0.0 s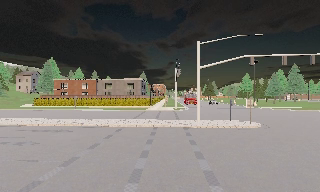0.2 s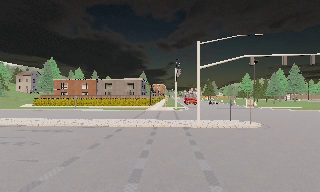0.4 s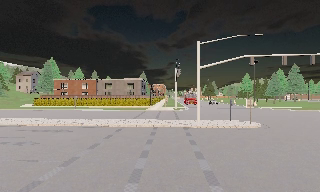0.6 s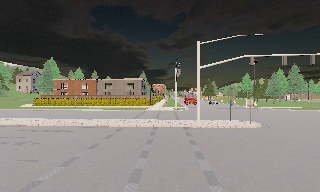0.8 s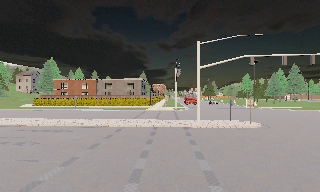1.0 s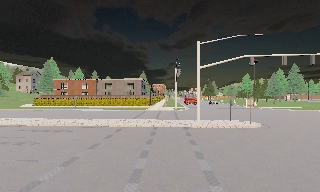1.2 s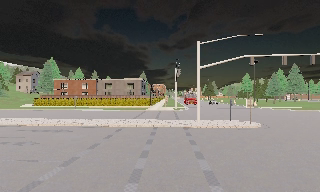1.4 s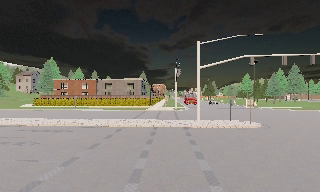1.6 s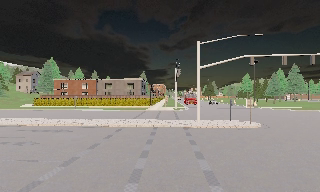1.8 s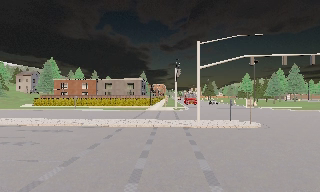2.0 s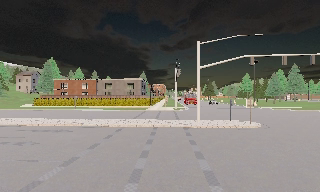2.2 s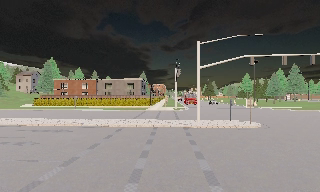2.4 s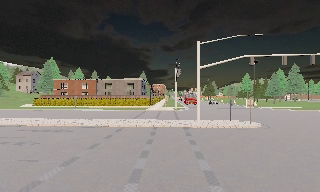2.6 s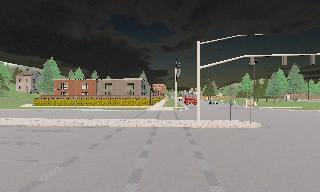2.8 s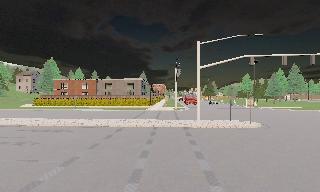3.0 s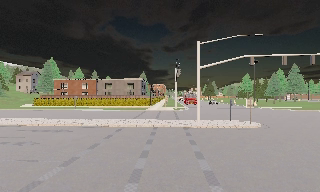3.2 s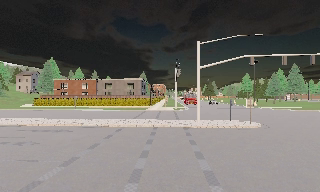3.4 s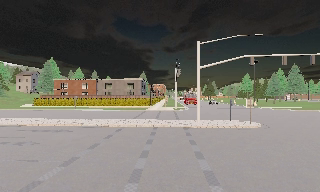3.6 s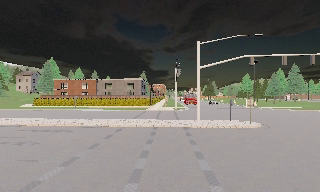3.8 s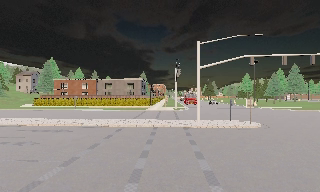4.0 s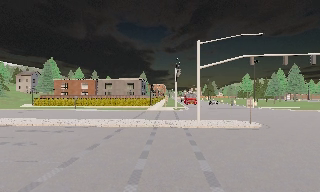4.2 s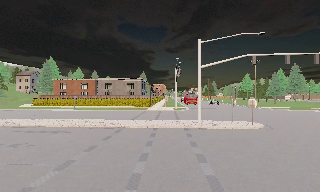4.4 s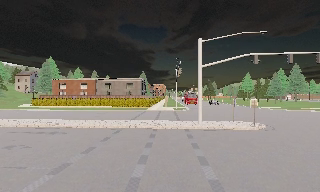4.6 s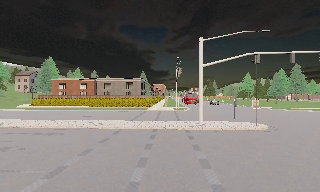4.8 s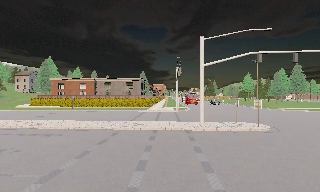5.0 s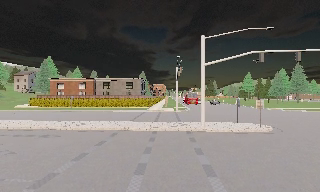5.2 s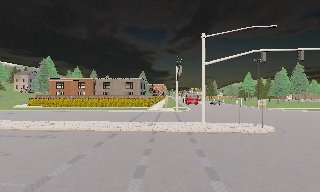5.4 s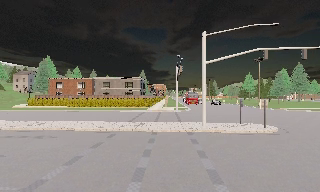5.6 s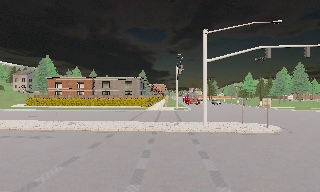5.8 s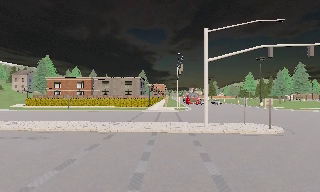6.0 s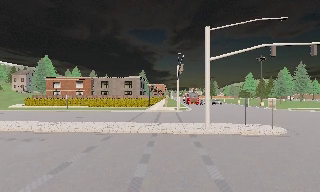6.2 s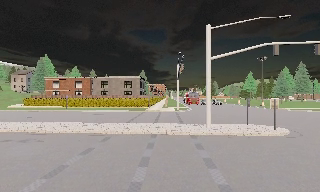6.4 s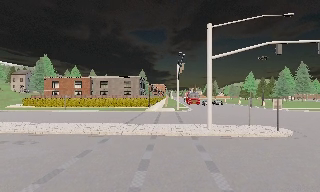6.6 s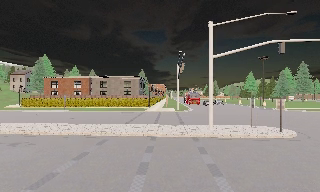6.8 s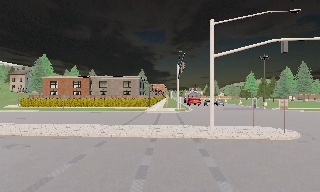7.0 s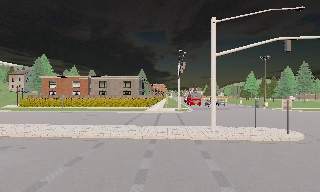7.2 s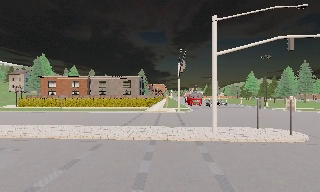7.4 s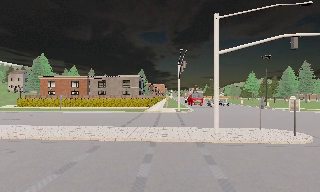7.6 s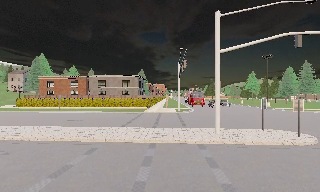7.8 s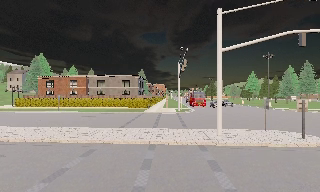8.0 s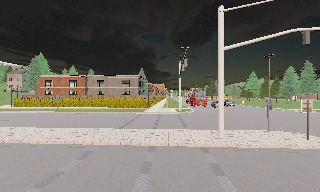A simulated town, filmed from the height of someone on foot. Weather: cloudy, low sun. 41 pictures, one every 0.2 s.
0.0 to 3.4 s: The camera keeps its place and its aim.
3.4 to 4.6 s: The camera travels forward, about 1 m, so what stands in front looms larger. It gains speed.
4.6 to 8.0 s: The camera travels forward, about 5 m, so what stands in front looms larger.
The film runs forward here.
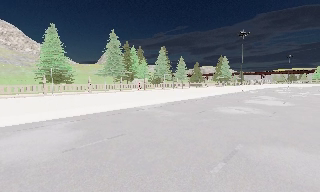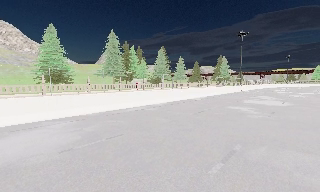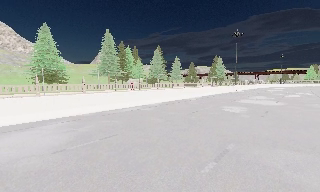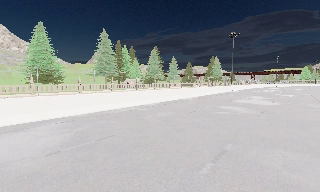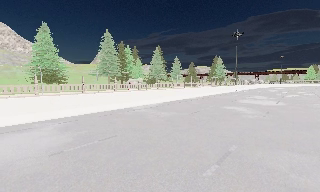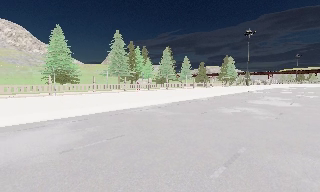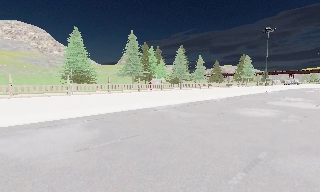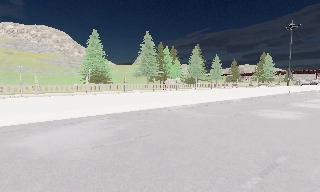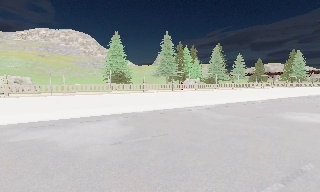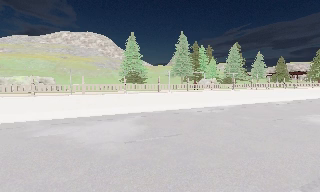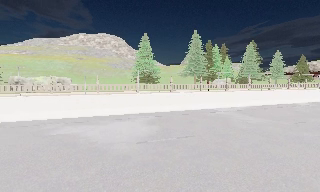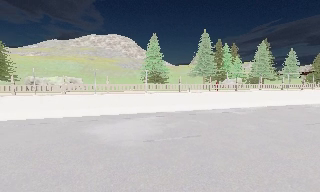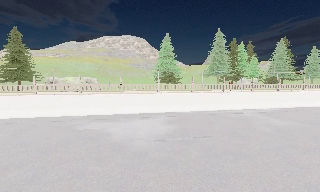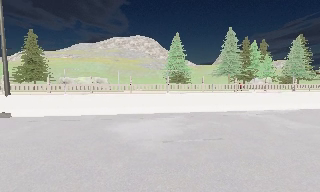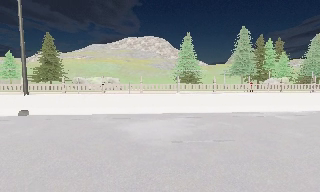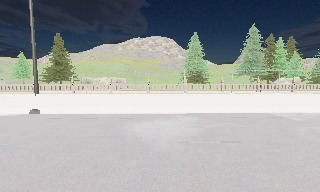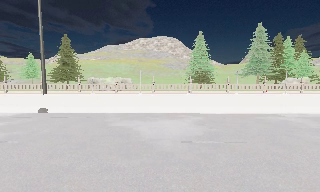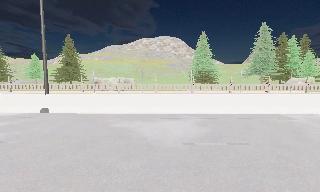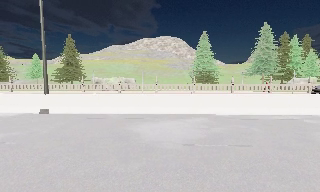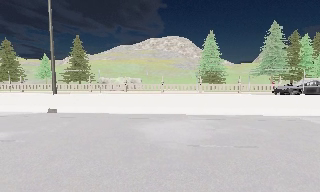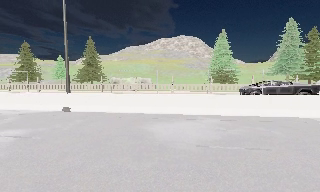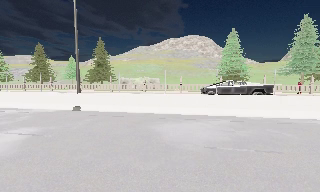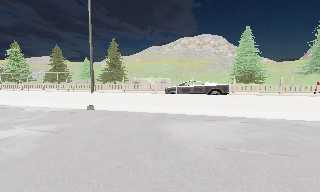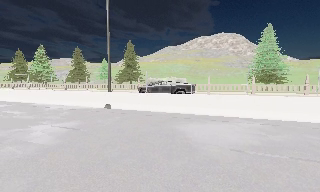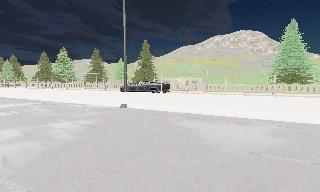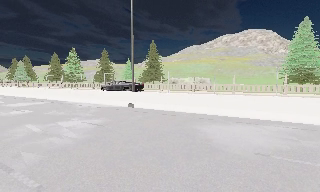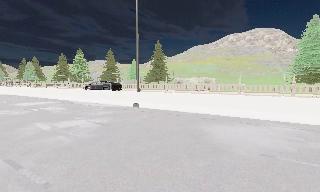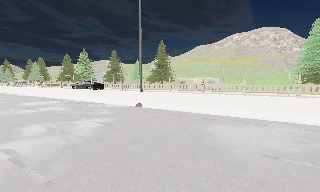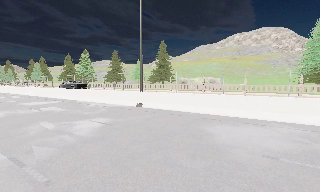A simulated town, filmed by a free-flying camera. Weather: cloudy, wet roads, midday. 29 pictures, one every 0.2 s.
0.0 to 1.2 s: The camera shifts only a little, or ends up much as it began.
1.2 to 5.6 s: The scene slides to the right, as the camera pans about 75 degrees to its left. It travels to its right, about 1 m.
The film runs forward here.

======

**WHAT NEEDS TO BE DONE:**
Word for word, restate the lines from the one containing "A simulated town, filmed by" through the end of the entries. Do not include pictures.

**RESPONSE BELOW:**
A simulated town, filmed by a free-flying camera. Weather: cloudy, wet roads, midday. 29 pictures, one every 0.2 s.
0.0 to 1.2 s: The camera shifts only a little, or ends up much as it began.
1.2 to 5.6 s: The scene slides to the right, as the camera pans about 75 degrees to its left. It travels to its right, about 1 m.
The film runs forward here.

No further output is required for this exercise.